Jeff Johnson  /  13 juil. 2007  /  3 min de lecture  /  Escalade et alpinisme, Communauté


The other day while wandering around Camp 4 in Yosemite I ran into Patagonia ambassador Timmy O’Neill. He was hanging around the SARS site with his brother Sean and some guy named Aron. Timmy asked me if I wanted to climb the Manure Pile with him and Aron. “Sure,” I said. Walking to the parking lot I saw that this guy Aron was missing his right arm. Hmm, I thought. You never know with Timmy. He’s always up to something interesting.

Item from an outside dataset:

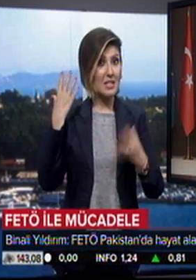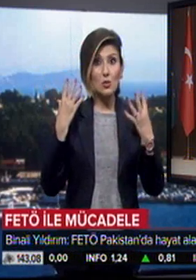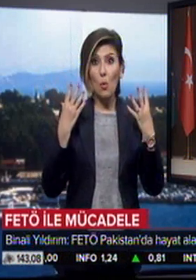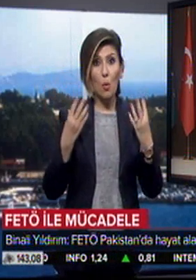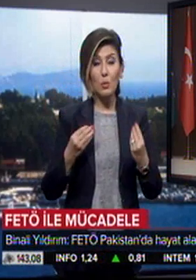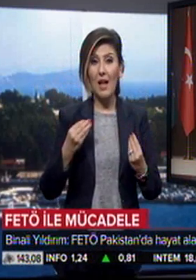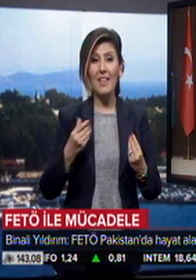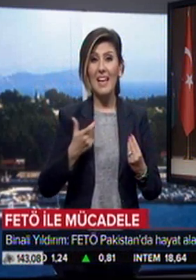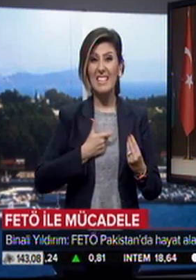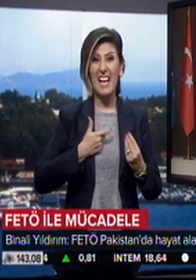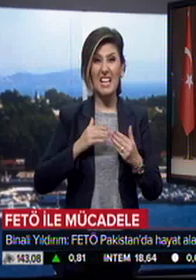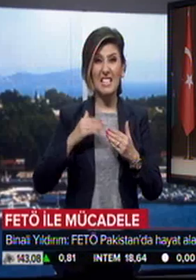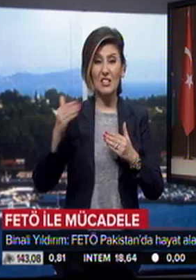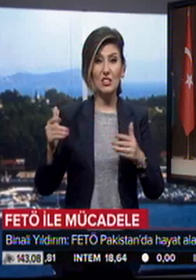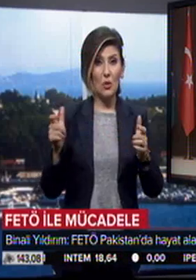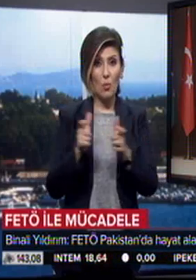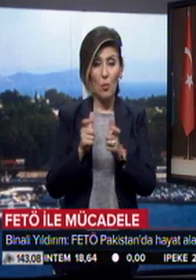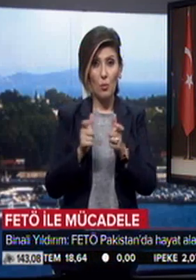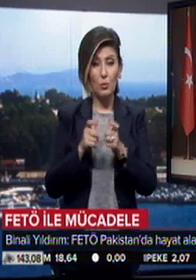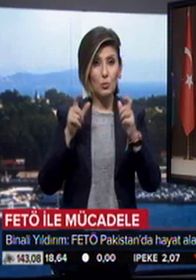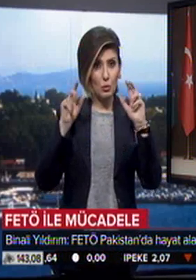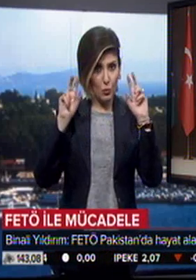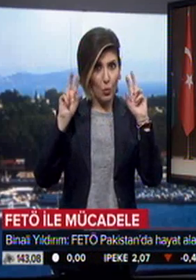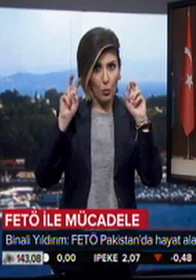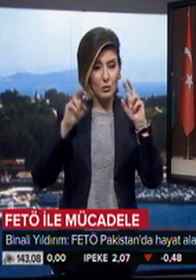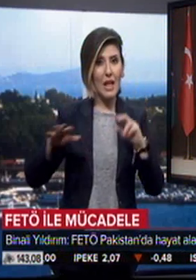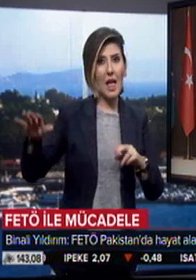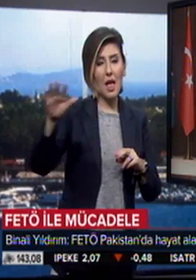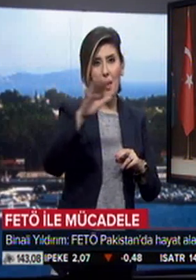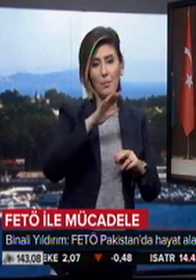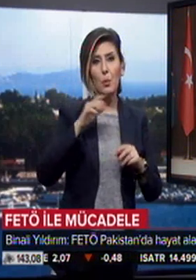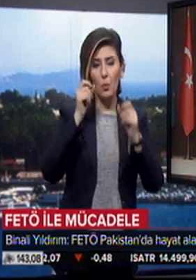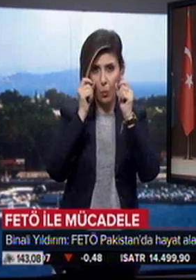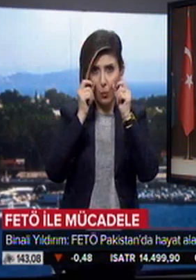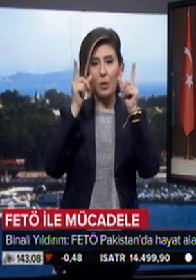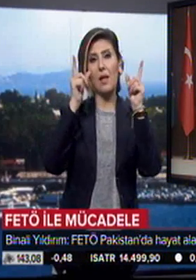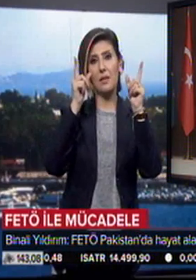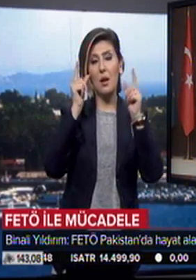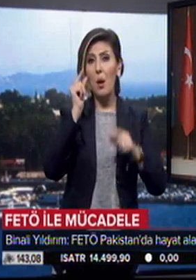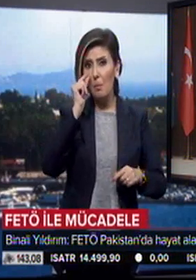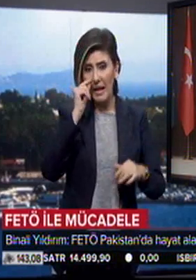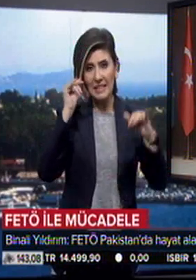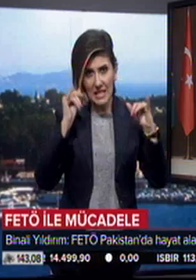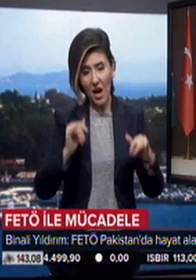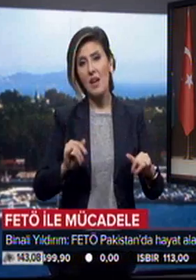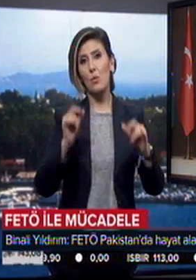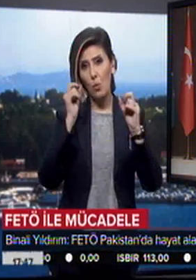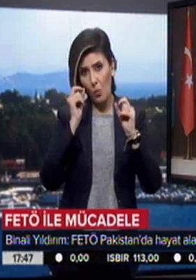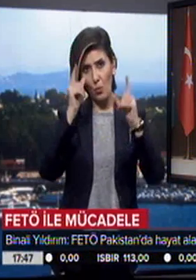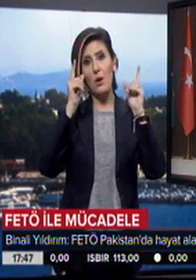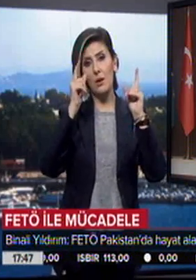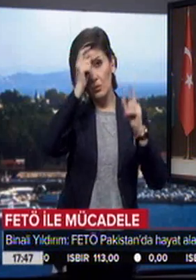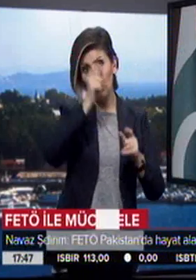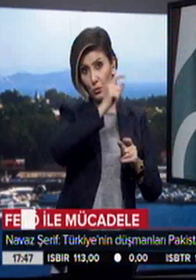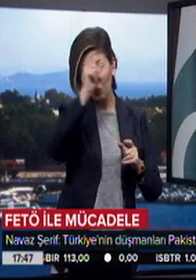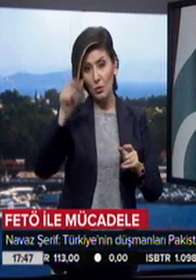bulunan yasa dışı örgütü konusunda herkesi uyandırmıştır ve Pakistan'da aynı şekilde bu

Once at the Manure Pile Timmy started talking about his experiences working with the disabled. He has just started a non-profit organization for disabled athletes called Paradox Sports. Check it out at: It’s really cool. Recently he and a few buddies took his paraplegic brother, Sean, up the Salathé Wall on El Capitan – that would be Sean’s third ascent of the Captain. Timmy went on to say that most of the people he has worked with were born without the use of their appendages or whatnot. But Aron was different. He lost his arm around five years ago in a climbing accident. That’s when it occurred to me. This was Aron Ralston, the guy who got trapped by a rock in Colorado and had to cut his arm off to get free and survive. Now he’s way into climbing. He’s had a special prosthetic arm that has two hook-like tools on the end. He can hook onto little crimpers, wedge the cam hook-like device into tiny cracks, or simply jam the thing into wide cracks. It’s fairly new so he’s just getting used to it.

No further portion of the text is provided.